▶ Goal of the exercise: Could you repeat, exactly and with no pictures, only the lines from the start of the records through the line containing "འཇུག་པས་སྤྱོད་"?

▶ Data supplied:
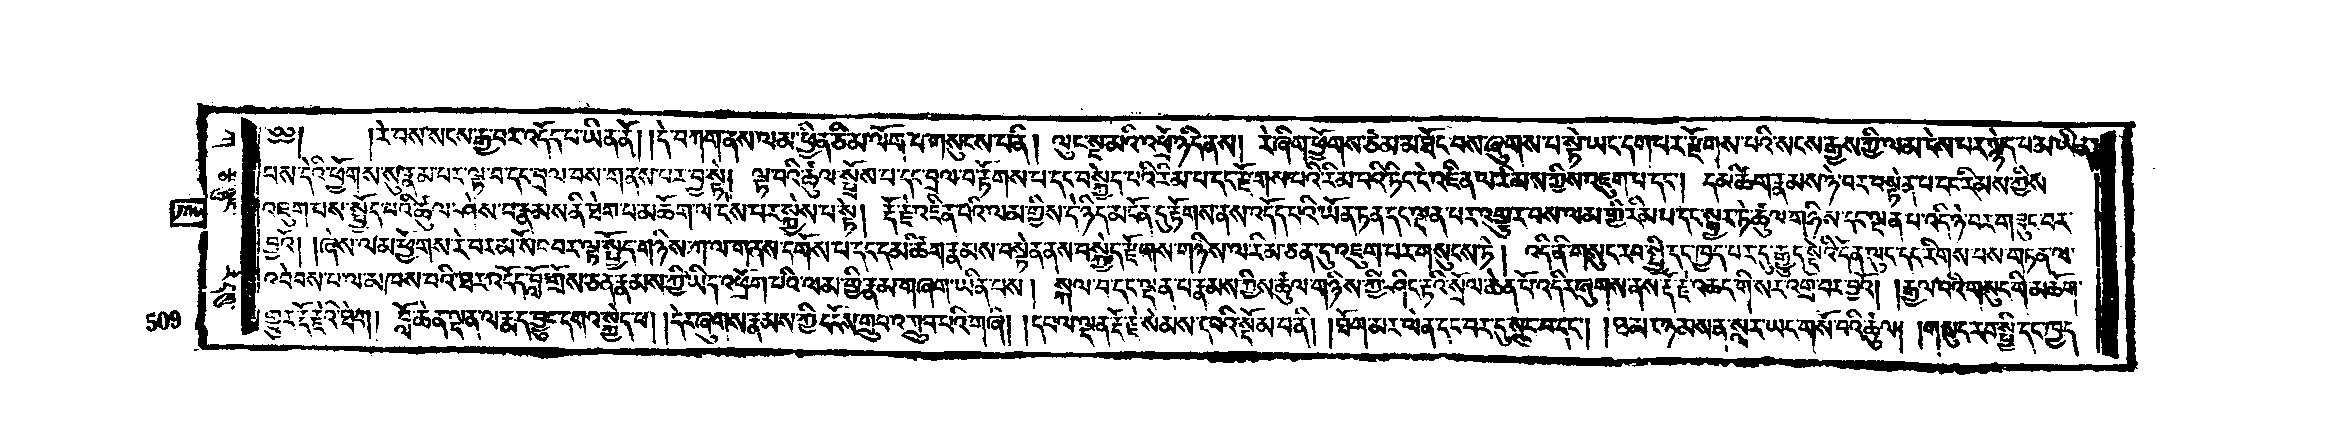༄༅། །རེ་བས་སངས་རྒྱ་བར་འདོད་པ་ཡིན་ནོ། །དེ་བཀག་ནས་ལམ་ཕྱིན་ཅི་མ་ལོག་པ་གསུངས་པ་ནི། ལུང་སྔ་མའི་འཕྲོ་ཉིད་ནས། རེ་ཞིག་ཕྱོགས་ཙམ་མཐོང་བས་ཞུགས་པ་སྟེ་ཡང་དག་པར་རྫོགས་པའི་སངས་རྒྱས་ཀྱི་ལམ་ངེས་པར་སྙེད་པ་མ་ཡིན་
པས་དེའི་ཕྱོགས་སུ་རྣམ་པར་ལྟ་བ་དང་བྲལ་བས་གནས་པར་བྱ་སྟེ། ལྟ་བའི་ཚུལ་སྤྲོས་པ་དང་བྲལ་བ་རྟོགས་པ་དང་བསྐྱེད་པའི་རིམ་པ་དང་རྫོགས་པའི་རིམ་པའི་ཏིང་ངེ་འཛིན་ལ་རིམས་ཀྱིས་འཇུག་པ་དང་། དམ་ཚིག་རྣམས་ཉེ་བར་བསྟེན་པ་དང་རིམས་ཀྱིས་
འཇུག་པས་སྤྱོད་པའི་ཚུལ་ཤེས་པ་རྣམས་ནི་ཐེག་པ་མཆོག་ལ་ངེས་པར་སྐྱེས་པ་སྟེ། རྡོ་རྗེ་འཛིན་པའི་ལམ་གྱིས་དེ་ཉིད་མངོན་དུ་རྟོགས་ནས་འདོད་པའི་ཡོན་ཏན་དང་ལྡན་པར་འགྱུར་བས་ལམ་གྱི་རིམ་པ་དང་སྦྱར་ཏེ་ཚུལ་གཉིས་དང་ལྡན་པ་འདི་ཉེ་བར་གཟུང་བར་
བྱའོ། །ཞེས་ལམ་ཕྱོགས་རེ་བར་མ་སོང་བར་ལྟ་སྤྱོད་གཉིས་ཀ་ལ་གནས་དགོས་པ་དང་དམ་ཚིག་རྣམས་བསྟེན་ནས་བསྐྱེད་རྫོགས་གཉིས་ལ་རིམ་ཅན་དུ་འཇུག་པར་གསུངས་ཏེ། འདི་ནི་གསུང་རབ་སྤྱི་དང་ཁྱད་པར་དུ་རྒྱུད་སྡེའི་དོན་ལུང་དང་རིགས་པས་གཏན་ལ་
འབེབས་པ་ལ་མཁས་པའི་ཐར་འདོད་བློ་གྲོས་ཅན་རྣམས་ཀྱི་ཡིད་འཕྲོག་པའི་ལམ་གྱི་རྣམ་གཞག་ཡིན་པས། སྐལ་བ་དང་ལྡན་པ་རྣམས་ཀྱིས་ཚུལ་གཉིས་ཀྱི་ཤིང་རྟའི་སྲོལ་ཆེན་པོ་འདིར་ཞུགས་ནས་རྡོ་རྗེ་འཆང་གི་སར་འགྲོ་བར་བྱའོ། །རྒྱལ་བའི་གསུང་གི་མཆོག་
གྱུར་རྡོ་རྗེའི་ཐེག །བློ་ཆེན་ལྡན་ལ་རྨད་བྱུང་དགའ་སྐྱེད་པ། །དེར་ཞུགས་རྣམས་ཀྱི་དངོས་གྲུབ་འགྲུབ་པའི་གཞི། །དཔལ་ལྡན་རྡོ་རྗེ་སེམས་དཔའི་སྡོམ་པ་ནི། །ཐོག་མར་ལེན་དང་བར་དུ་སྲུང་བ་དང་། །ཐ་མར་ཉམས་ན་སླར་ཡང་གསོ་བའི་ཚུལ། །གསུང་རབ་སྤྱི་དང་ཁྱད་

▶ Exercise solution:
༄༅། །རེ་བས་སངས་རྒྱ་བར་འདོད་པ་ཡིན་ནོ། །དེ་བཀག་ནས་ལམ་ཕྱིན་ཅི་མ་ལོག་པ་གསུངས་པ་ནི། ལུང་སྔ་མའི་འཕྲོ་ཉིད་ནས། རེ་ཞིག་ཕྱོགས་ཙམ་མཐོང་བས་ཞུགས་པ་སྟེ་ཡང་དག་པར་རྫོགས་པའི་སངས་རྒྱས་ཀྱི་ལམ་ངེས་པར་སྙེད་པ་མ་ཡིན་
པས་དེའི་ཕྱོགས་སུ་རྣམ་པར་ལྟ་བ་དང་བྲལ་བས་གནས་པར་བྱ་སྟེ། ལྟ་བའི་ཚུལ་སྤྲོས་པ་དང་བྲལ་བ་རྟོགས་པ་དང་བསྐྱེད་པའི་རིམ་པ་དང་རྫོགས་པའི་རིམ་པའི་ཏིང་ངེ་འཛིན་ལ་རིམས་ཀྱིས་འཇུག་པ་དང་། དམ་ཚིག་རྣམས་ཉེ་བར་བསྟེན་པ་དང་རིམས་ཀྱིས་
འཇུག་པས་སྤྱོད་པའི་ཚུལ་ཤེས་པ་རྣམས་ནི་ཐེག་པ་མཆོག་ལ་ངེས་པར་སྐྱེས་པ་སྟེ། རྡོ་རྗེ་འཛིན་པའི་ལམ་གྱིས་དེ་ཉིད་མངོན་དུ་རྟོགས་ནས་འདོད་པའི་ཡོན་ཏན་དང་ལྡན་པར་འགྱུར་བས་ལམ་གྱི་རིམ་པ་དང་སྦྱར་ཏེ་ཚུལ་གཉིས་དང་ལྡན་པ་འདི་ཉེ་བར་གཟུང་བར་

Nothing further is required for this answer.